[Problem statement] Go through the following data and transcribe exactly the stretch of lines from the one holding "Q 509.628 401.313, 513.923 401.313" to the one holding "L 466.046 652.629", both included.

Data section section start

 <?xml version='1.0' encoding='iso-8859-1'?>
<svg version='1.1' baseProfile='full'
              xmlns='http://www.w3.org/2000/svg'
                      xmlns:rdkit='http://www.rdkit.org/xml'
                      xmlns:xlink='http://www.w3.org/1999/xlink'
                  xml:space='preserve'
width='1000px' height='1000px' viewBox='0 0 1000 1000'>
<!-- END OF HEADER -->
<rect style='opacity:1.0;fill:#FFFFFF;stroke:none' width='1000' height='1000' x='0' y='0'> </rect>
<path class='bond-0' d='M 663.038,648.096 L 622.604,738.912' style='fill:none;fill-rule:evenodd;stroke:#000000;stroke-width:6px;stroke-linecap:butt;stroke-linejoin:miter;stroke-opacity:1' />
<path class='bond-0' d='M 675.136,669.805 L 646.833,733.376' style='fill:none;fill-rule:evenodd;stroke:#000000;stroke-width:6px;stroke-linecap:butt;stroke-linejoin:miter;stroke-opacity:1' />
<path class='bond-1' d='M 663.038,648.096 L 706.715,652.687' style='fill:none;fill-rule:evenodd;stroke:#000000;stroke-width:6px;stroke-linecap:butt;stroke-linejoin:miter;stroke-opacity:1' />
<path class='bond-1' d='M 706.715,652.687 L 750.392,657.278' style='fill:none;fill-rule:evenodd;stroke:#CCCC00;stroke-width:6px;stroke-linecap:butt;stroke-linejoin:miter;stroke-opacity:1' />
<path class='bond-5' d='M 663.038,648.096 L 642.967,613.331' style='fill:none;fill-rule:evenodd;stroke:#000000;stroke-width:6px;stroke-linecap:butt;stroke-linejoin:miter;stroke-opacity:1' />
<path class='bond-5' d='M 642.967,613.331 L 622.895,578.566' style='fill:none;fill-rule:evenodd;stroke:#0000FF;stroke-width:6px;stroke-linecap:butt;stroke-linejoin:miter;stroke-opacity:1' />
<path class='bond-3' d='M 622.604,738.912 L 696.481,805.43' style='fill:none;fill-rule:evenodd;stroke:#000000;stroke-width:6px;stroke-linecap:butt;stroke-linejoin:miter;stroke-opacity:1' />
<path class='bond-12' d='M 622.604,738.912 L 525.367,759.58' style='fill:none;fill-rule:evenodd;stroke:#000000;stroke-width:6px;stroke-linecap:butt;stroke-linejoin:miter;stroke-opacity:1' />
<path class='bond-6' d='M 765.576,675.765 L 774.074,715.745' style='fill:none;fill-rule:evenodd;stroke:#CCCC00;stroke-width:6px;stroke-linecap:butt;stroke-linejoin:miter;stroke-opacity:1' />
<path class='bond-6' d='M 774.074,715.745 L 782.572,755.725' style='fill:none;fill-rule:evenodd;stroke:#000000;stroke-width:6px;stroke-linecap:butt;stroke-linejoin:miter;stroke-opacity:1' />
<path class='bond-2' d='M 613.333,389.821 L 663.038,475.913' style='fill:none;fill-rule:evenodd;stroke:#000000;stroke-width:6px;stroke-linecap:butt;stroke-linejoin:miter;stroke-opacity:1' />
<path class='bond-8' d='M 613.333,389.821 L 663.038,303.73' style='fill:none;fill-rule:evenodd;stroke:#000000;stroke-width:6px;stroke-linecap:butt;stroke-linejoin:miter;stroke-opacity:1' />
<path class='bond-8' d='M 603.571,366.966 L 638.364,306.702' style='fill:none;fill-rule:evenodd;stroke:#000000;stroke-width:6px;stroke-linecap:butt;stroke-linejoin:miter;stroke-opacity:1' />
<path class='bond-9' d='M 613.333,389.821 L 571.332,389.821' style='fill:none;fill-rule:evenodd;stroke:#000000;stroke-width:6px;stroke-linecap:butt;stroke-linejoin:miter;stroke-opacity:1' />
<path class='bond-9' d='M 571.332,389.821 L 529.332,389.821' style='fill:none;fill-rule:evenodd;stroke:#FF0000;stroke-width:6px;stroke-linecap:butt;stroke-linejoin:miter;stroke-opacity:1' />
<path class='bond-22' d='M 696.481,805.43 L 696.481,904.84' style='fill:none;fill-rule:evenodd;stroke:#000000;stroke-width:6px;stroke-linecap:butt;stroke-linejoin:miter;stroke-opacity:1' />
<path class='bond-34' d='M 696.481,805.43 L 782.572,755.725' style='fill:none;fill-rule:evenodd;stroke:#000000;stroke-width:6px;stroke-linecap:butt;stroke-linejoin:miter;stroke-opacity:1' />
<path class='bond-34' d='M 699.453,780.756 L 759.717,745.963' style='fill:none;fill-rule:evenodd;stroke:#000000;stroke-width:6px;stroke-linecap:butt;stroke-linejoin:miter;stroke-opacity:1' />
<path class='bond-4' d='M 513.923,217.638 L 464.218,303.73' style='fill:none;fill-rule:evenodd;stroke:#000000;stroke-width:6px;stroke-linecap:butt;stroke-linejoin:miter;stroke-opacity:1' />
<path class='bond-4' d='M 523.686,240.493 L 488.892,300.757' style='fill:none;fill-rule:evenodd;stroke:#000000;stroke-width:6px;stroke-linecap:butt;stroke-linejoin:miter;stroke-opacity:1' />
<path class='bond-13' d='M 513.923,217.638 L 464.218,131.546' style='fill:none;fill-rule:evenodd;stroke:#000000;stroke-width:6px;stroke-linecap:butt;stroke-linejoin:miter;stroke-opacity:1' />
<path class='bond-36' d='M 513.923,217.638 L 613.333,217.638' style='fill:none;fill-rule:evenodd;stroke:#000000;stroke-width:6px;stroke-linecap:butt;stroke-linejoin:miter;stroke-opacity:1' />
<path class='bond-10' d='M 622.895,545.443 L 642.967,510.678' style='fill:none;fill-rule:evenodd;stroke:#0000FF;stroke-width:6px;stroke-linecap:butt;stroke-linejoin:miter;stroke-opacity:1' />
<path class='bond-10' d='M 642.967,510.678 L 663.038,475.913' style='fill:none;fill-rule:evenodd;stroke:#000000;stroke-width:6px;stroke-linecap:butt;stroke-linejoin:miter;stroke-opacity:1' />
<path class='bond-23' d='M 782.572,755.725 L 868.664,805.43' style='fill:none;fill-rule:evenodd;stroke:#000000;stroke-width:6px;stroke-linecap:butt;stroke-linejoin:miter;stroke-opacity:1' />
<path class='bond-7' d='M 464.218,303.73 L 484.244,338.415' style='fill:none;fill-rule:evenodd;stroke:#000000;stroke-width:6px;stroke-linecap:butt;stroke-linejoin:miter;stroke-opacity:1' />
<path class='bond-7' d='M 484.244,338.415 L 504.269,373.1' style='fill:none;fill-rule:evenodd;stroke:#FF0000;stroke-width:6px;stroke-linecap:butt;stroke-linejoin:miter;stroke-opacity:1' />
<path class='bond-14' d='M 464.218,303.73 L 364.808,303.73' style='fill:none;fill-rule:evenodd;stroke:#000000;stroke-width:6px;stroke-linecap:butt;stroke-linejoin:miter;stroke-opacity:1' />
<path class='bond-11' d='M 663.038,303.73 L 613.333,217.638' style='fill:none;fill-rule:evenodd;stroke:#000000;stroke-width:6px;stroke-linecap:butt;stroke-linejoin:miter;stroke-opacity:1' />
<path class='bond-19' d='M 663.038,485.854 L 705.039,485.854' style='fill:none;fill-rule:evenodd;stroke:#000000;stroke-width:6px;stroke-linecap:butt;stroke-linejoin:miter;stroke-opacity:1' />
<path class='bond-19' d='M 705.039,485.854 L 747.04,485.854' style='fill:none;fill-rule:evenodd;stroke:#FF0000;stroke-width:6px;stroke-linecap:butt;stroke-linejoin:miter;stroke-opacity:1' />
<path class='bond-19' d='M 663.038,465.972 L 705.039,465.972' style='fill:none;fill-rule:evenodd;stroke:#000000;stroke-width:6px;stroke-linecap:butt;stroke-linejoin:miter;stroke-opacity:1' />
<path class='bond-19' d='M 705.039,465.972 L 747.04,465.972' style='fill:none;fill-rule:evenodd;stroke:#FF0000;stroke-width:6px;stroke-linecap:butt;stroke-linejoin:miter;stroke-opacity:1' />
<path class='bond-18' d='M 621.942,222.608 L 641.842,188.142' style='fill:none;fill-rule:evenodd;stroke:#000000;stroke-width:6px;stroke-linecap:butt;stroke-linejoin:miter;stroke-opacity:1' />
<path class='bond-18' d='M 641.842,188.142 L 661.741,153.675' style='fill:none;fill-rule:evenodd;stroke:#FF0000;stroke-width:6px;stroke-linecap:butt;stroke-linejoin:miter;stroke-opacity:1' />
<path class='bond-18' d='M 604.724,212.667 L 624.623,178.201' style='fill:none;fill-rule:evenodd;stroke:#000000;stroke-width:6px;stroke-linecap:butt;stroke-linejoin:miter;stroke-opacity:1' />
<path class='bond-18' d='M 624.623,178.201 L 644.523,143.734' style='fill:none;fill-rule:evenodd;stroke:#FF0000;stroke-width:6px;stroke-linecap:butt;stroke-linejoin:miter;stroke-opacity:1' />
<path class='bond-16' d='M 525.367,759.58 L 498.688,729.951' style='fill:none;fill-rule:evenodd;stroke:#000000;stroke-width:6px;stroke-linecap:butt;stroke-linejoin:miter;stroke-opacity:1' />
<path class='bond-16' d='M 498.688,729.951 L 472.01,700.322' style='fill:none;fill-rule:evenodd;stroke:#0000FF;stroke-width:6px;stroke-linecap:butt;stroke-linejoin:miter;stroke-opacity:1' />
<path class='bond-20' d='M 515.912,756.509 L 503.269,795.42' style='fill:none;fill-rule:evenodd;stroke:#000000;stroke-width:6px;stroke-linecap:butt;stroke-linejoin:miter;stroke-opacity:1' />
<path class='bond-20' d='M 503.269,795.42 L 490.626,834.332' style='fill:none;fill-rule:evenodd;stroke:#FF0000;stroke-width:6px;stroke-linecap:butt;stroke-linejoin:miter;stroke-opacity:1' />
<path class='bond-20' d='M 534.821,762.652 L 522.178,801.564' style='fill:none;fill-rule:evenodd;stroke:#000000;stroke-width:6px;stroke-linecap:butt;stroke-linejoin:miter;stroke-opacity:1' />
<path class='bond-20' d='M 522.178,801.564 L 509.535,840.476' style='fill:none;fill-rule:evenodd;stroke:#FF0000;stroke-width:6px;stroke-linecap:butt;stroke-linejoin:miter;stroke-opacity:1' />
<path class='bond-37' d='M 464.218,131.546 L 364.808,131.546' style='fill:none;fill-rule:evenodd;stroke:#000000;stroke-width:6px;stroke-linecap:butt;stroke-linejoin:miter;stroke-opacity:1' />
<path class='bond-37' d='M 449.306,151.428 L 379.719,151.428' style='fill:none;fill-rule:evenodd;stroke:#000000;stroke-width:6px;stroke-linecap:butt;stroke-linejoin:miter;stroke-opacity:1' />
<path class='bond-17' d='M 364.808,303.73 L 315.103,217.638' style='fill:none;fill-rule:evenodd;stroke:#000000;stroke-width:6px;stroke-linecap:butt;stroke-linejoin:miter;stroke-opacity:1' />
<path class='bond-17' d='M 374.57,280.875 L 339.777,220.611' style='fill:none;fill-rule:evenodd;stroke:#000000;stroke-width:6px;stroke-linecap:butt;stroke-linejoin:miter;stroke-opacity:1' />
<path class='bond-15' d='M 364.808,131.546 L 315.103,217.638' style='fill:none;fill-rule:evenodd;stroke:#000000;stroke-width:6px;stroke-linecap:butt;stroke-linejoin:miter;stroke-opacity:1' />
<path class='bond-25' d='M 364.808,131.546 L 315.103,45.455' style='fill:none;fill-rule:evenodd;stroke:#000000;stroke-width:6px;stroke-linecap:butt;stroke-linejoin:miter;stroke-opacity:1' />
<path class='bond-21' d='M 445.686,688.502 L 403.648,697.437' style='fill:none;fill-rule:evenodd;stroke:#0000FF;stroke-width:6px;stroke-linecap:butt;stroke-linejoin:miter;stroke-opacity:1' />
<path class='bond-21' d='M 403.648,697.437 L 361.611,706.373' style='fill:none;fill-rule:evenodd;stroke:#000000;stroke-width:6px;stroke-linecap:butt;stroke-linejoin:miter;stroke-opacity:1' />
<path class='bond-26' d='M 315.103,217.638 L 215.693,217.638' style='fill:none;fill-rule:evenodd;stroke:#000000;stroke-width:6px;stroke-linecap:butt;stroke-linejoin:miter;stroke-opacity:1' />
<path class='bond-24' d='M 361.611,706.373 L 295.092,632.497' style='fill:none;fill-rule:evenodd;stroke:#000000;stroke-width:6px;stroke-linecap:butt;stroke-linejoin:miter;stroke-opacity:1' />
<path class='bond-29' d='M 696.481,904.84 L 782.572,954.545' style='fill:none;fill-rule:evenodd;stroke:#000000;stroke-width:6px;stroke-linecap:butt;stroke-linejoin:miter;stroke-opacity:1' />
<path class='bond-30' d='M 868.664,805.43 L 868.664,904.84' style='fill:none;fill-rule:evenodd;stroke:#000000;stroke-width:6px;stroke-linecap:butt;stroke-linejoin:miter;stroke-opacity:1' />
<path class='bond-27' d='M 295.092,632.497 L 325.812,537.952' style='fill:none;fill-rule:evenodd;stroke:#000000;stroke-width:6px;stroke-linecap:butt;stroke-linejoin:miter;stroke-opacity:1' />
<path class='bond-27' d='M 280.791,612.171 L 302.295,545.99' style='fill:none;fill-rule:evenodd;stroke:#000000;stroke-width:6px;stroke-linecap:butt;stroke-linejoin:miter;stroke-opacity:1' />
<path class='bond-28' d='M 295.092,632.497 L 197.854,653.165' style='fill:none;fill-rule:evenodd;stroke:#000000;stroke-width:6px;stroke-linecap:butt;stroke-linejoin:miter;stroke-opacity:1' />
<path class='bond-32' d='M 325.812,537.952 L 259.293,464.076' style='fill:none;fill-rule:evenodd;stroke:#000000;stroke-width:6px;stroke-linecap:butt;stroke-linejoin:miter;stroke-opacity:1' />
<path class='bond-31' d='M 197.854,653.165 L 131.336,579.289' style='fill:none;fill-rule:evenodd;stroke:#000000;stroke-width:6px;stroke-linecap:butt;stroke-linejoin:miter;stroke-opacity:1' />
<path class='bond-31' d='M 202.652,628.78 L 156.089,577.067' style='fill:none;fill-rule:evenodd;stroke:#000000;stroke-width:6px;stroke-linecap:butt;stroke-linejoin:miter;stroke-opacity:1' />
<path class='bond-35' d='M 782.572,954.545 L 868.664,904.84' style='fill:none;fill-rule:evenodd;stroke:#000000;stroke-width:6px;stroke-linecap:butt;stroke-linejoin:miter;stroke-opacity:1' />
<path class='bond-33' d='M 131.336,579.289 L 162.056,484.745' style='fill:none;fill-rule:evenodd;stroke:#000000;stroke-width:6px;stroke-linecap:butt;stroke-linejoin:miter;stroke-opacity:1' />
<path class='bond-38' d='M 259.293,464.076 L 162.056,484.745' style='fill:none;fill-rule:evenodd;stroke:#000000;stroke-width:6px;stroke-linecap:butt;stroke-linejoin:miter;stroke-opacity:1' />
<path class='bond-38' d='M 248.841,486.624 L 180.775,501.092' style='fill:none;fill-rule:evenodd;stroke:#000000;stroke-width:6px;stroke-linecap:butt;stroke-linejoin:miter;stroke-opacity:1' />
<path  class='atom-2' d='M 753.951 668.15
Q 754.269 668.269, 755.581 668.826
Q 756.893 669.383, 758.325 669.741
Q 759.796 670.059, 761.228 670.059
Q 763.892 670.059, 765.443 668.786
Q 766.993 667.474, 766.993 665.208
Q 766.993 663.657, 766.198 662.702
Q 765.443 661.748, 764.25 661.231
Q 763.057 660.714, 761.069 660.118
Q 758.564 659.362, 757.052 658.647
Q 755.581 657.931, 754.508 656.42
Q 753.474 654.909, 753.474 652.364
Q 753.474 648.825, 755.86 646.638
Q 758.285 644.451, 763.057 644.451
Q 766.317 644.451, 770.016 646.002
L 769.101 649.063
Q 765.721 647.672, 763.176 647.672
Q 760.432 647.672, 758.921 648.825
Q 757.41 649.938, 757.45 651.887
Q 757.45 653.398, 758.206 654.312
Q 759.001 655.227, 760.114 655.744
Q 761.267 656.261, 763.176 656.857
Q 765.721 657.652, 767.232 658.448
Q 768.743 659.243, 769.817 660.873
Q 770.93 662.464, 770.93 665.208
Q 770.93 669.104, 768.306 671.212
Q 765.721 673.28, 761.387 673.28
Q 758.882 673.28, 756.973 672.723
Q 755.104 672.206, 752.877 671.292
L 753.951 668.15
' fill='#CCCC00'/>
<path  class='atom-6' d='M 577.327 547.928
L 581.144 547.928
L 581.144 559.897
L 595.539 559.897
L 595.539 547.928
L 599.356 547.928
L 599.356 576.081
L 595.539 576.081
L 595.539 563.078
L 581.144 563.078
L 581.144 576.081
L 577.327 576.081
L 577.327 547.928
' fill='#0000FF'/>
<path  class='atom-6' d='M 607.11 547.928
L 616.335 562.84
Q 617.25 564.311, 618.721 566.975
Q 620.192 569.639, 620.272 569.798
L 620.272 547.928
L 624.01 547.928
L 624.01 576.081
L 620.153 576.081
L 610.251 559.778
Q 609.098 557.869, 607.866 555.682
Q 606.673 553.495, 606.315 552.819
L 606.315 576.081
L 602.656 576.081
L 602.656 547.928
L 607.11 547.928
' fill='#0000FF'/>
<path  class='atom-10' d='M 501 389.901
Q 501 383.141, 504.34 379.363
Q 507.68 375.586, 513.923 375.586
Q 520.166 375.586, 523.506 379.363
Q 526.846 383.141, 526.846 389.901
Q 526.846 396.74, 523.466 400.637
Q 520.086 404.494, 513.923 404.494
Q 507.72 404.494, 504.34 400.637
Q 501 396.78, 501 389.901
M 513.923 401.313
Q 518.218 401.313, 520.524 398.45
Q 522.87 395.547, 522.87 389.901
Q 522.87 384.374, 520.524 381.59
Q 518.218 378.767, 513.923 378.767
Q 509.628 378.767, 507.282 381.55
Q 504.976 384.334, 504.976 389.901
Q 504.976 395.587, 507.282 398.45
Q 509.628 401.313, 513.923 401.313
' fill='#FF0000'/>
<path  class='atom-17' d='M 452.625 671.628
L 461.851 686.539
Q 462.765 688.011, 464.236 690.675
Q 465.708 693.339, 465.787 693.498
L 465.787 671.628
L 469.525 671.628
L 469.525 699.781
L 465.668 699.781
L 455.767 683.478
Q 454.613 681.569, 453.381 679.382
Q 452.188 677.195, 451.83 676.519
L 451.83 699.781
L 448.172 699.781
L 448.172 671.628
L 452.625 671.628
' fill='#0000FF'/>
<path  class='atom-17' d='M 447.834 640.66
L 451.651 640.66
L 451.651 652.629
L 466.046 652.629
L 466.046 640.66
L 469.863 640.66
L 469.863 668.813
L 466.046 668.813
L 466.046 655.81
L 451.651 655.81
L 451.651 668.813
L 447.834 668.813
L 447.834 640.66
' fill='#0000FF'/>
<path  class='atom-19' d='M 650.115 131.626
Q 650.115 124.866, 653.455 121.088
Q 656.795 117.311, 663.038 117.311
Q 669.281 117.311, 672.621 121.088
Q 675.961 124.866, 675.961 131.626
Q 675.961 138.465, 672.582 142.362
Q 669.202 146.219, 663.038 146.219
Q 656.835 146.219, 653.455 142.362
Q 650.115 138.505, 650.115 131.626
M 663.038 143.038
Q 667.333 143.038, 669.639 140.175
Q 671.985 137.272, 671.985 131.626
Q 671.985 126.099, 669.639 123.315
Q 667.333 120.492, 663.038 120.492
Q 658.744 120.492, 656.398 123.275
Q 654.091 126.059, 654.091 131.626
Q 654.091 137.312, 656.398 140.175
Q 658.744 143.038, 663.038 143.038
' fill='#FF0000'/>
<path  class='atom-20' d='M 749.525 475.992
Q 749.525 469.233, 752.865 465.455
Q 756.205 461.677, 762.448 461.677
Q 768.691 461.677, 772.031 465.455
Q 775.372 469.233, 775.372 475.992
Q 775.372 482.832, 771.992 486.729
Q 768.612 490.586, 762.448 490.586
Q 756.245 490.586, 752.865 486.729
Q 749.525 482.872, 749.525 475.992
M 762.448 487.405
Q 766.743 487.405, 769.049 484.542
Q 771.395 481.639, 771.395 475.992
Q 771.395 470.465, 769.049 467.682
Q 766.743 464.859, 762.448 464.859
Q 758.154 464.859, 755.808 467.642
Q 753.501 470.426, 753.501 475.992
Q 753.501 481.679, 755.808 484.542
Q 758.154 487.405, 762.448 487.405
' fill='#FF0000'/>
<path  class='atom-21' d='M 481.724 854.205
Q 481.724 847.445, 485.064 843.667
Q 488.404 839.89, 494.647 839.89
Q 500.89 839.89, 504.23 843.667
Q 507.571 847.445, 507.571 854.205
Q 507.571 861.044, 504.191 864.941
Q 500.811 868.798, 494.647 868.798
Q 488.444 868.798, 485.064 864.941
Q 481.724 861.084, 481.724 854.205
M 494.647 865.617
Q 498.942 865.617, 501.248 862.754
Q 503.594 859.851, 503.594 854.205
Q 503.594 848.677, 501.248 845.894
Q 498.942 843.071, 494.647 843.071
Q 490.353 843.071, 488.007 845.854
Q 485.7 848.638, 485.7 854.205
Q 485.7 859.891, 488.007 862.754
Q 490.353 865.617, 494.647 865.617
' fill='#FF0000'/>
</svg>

Data section section end

[Solved problem]
Q 509.628 401.313, 513.923 401.313
' fill='#FF0000'/>
<path  class='atom-17' d='M 452.625 671.628
L 461.851 686.539
Q 462.765 688.011, 464.236 690.675
Q 465.708 693.339, 465.787 693.498
L 465.787 671.628
L 469.525 671.628
L 469.525 699.781
L 465.668 699.781
L 455.767 683.478
Q 454.613 681.569, 453.381 679.382
Q 452.188 677.195, 451.83 676.519
L 451.83 699.781
L 448.172 699.781
L 448.172 671.628
L 452.625 671.628
' fill='#0000FF'/>
<path  class='atom-17' d='M 447.834 640.66
L 451.651 640.66
L 451.651 652.629
L 466.046 652.629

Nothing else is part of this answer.